*** Dataset

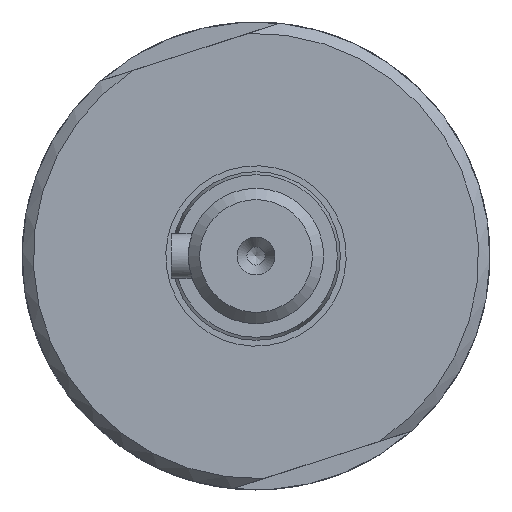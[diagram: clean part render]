
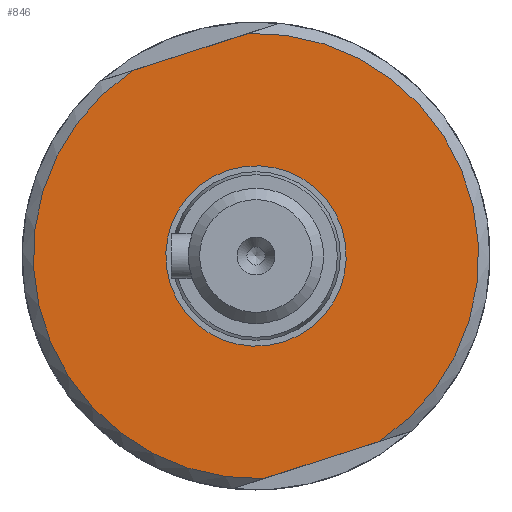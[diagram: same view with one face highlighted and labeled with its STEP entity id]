
A CAD part, left-side view. The second image highlights one B-rep face of the part: STEP entity #846.
In plain terms, the highlighted planar face has unit normal (-1, 0, 0).
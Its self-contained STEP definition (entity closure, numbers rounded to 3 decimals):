
#794=CARTESIAN_POINT('',(-118.,13.209,-4.248));
#795=DIRECTION('',(-1.0,0.0,0.0));
#796=DIRECTION('',(0.0,0.306,0.952));
#797=AXIS2_PLACEMENT_3D('',#794,#795,#796);
#798=PLANE('',#797);
#799=CARTESIAN_POINT('',(-118.,-0.685,-19.738));
#800=VERTEX_POINT('',#799);
#801=CARTESIAN_POINT('',(-118.,-10.949,-16.437));
#802=VERTEX_POINT('',#801);
#803=CARTESIAN_POINT('',(-118.,-0.685,-19.738));
#804=DIRECTION('',(0.0,-0.952,0.306));
#805=VECTOR('',#804,10.782);
#806=LINE('',#803,#805);
#807=EDGE_CURVE('',#800,#802,#806,.T.);
#808=ORIENTED_EDGE('',*,*,#807,.T.);
#809=CARTESIAN_POINT('',(-118.,0.685,19.738));
#810=VERTEX_POINT('',#809);
#811=CARTESIAN_POINT('',(-118.,0.,0.));
#812=DIRECTION('',(1.0,0.,0.));
#813=DIRECTION('',(0.,0.952,-0.306));
#814=AXIS2_PLACEMENT_3D('',#811,#812,#813);
#815=CIRCLE('',#814,19.75);
#816=EDGE_CURVE('',#810,#802,#815,.T.);
#817=ORIENTED_EDGE('',*,*,#816,.F.);
#818=CARTESIAN_POINT('',(-118.,10.949,16.437));
#819=VERTEX_POINT('',#818);
#820=CARTESIAN_POINT('',(-118.,0.685,19.738));
#821=DIRECTION('',(0.0,0.952,-0.306));
#822=VECTOR('',#821,10.782);
#823=LINE('',#820,#822);
#824=EDGE_CURVE('',#810,#819,#823,.T.);
#825=ORIENTED_EDGE('',*,*,#824,.T.);
#826=CARTESIAN_POINT('',(-118.,0.,0.));
#827=DIRECTION('',(1.0,0.,0.));
#828=DIRECTION('',(0.,0.952,-0.306));
#829=AXIS2_PLACEMENT_3D('',#826,#827,#828);
#830=CIRCLE('',#829,19.75);
#831=EDGE_CURVE('',#800,#819,#830,.T.);
#832=ORIENTED_EDGE('',*,*,#831,.F.);
#833=EDGE_LOOP('',(#808,#817,#825,#832));
#834=FACE_OUTER_BOUND('',#833,.T.);
#835=CARTESIAN_POINT('',(-118.,7.616,-2.449));
#836=VERTEX_POINT('',#835);
#837=CARTESIAN_POINT('',(-118.,0.,0.));
#838=DIRECTION('',(1.,0.,0.));
#839=DIRECTION('',(0.,0.952,-0.306));
#840=AXIS2_PLACEMENT_3D('',#837,#838,#839);
#841=CIRCLE('',#840,8.0);
#842=EDGE_CURVE('',#836,#836,#841,.T.);
#843=ORIENTED_EDGE('',*,*,#842,.T.);
#844=EDGE_LOOP('',(#843));
#845=FACE_BOUND('',#844,.T.);
#846=ADVANCED_FACE('',(#834,#845),#798,.T.);
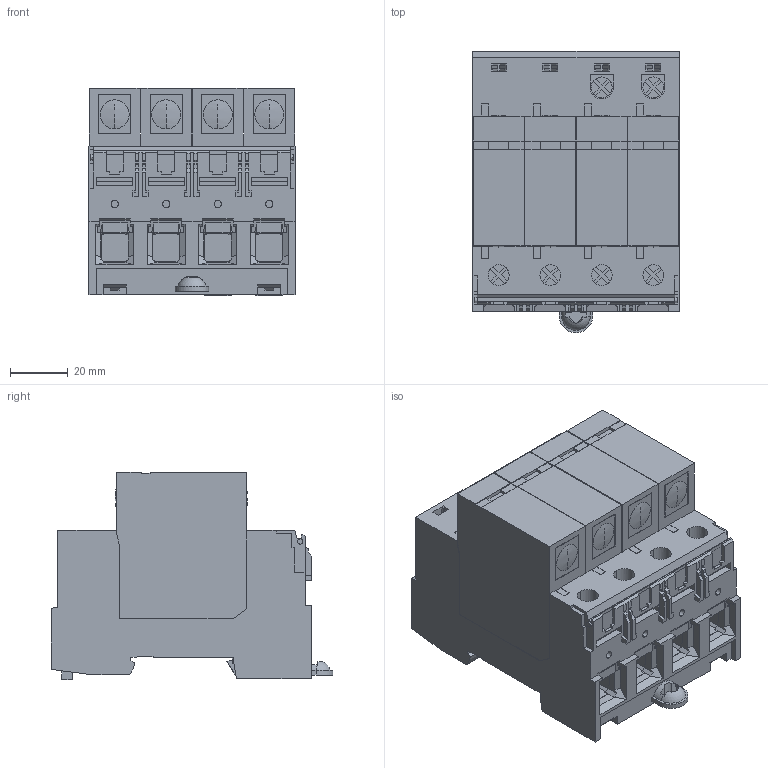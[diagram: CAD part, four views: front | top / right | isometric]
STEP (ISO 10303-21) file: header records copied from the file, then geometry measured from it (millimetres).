
FILE_DESCRIPTION(('Creo Elements/Direct Modeling STEP Export'),'2;1');
FILE_NAME('model.stp','2024-08-27T13:15:42',(''),(''),'Creo Elements/Direct Modeling STEP processor for AP214 (Solid Model)','Creo Elements/Direct Modeling 20.1D 10-Oct-2020 (C) Parametric Technology GmbH','');
FILE_SCHEMA(('AUTOMOTIVE_DESIGN { 1 0 10303 214 1 1 1 1 }'));
Length unit declared in the file: millimetre
Products named in the file (2): VAL_SPP_T2_335_3_1_UT-SELECT
Assembly tree (1 placements, depth 2):
  VAL_SPP_T2_335_3_1_UT-SELECT
    VAL_SPP_T2_335_3_1_UT-SELECT
Bounding box: 71.2 x 97.28 x 71.65 mm (x, y, z)
Volume: 337267.8 mm3; surface area: 58949.9 mm2
Topology: 1 solids, 1 shells, 1080 faces, 3013 edges, 1973 vertices
Faces by surface type: plane 1022, cylinder 31, sphere 17, extrusion 8, cone 2
Entity records: 42379 total; most frequent: CARTESIAN_POINT 7366, ORIENTED_EDGE 5996, DIRECTION 4620, EDGE_CURVE 2998, VECTOR 2734, LINE 2732, VERTEX_POINT 1974, EDGE_LOOP 1134

******

Task objective: Using the data above, extract exactly the lines from the one that holds "#812=DIRECTION('',(1.0,0.,0.));" to the one that holds "#830=CIRCLE('',#829,19.75);", both ends included, and no others.

Answer to the exercise:
#812=DIRECTION('',(1.0,0.,0.));
#813=DIRECTION('',(0.,0.952,-0.306));
#814=AXIS2_PLACEMENT_3D('',#811,#812,#813);
#815=CIRCLE('',#814,19.75);
#816=EDGE_CURVE('',#810,#802,#815,.T.);
#817=ORIENTED_EDGE('',*,*,#816,.F.);
#818=CARTESIAN_POINT('',(-118.,10.949,16.437));
#819=VERTEX_POINT('',#818);
#820=CARTESIAN_POINT('',(-118.,0.685,19.738));
#821=DIRECTION('',(0.0,0.952,-0.306));
#822=VECTOR('',#821,10.782);
#823=LINE('',#820,#822);
#824=EDGE_CURVE('',#810,#819,#823,.T.);
#825=ORIENTED_EDGE('',*,*,#824,.T.);
#826=CARTESIAN_POINT('',(-118.,0.,0.));
#827=DIRECTION('',(1.0,0.,0.));
#828=DIRECTION('',(0.,0.952,-0.306));
#829=AXIS2_PLACEMENT_3D('',#826,#827,#828);
#830=CIRCLE('',#829,19.75);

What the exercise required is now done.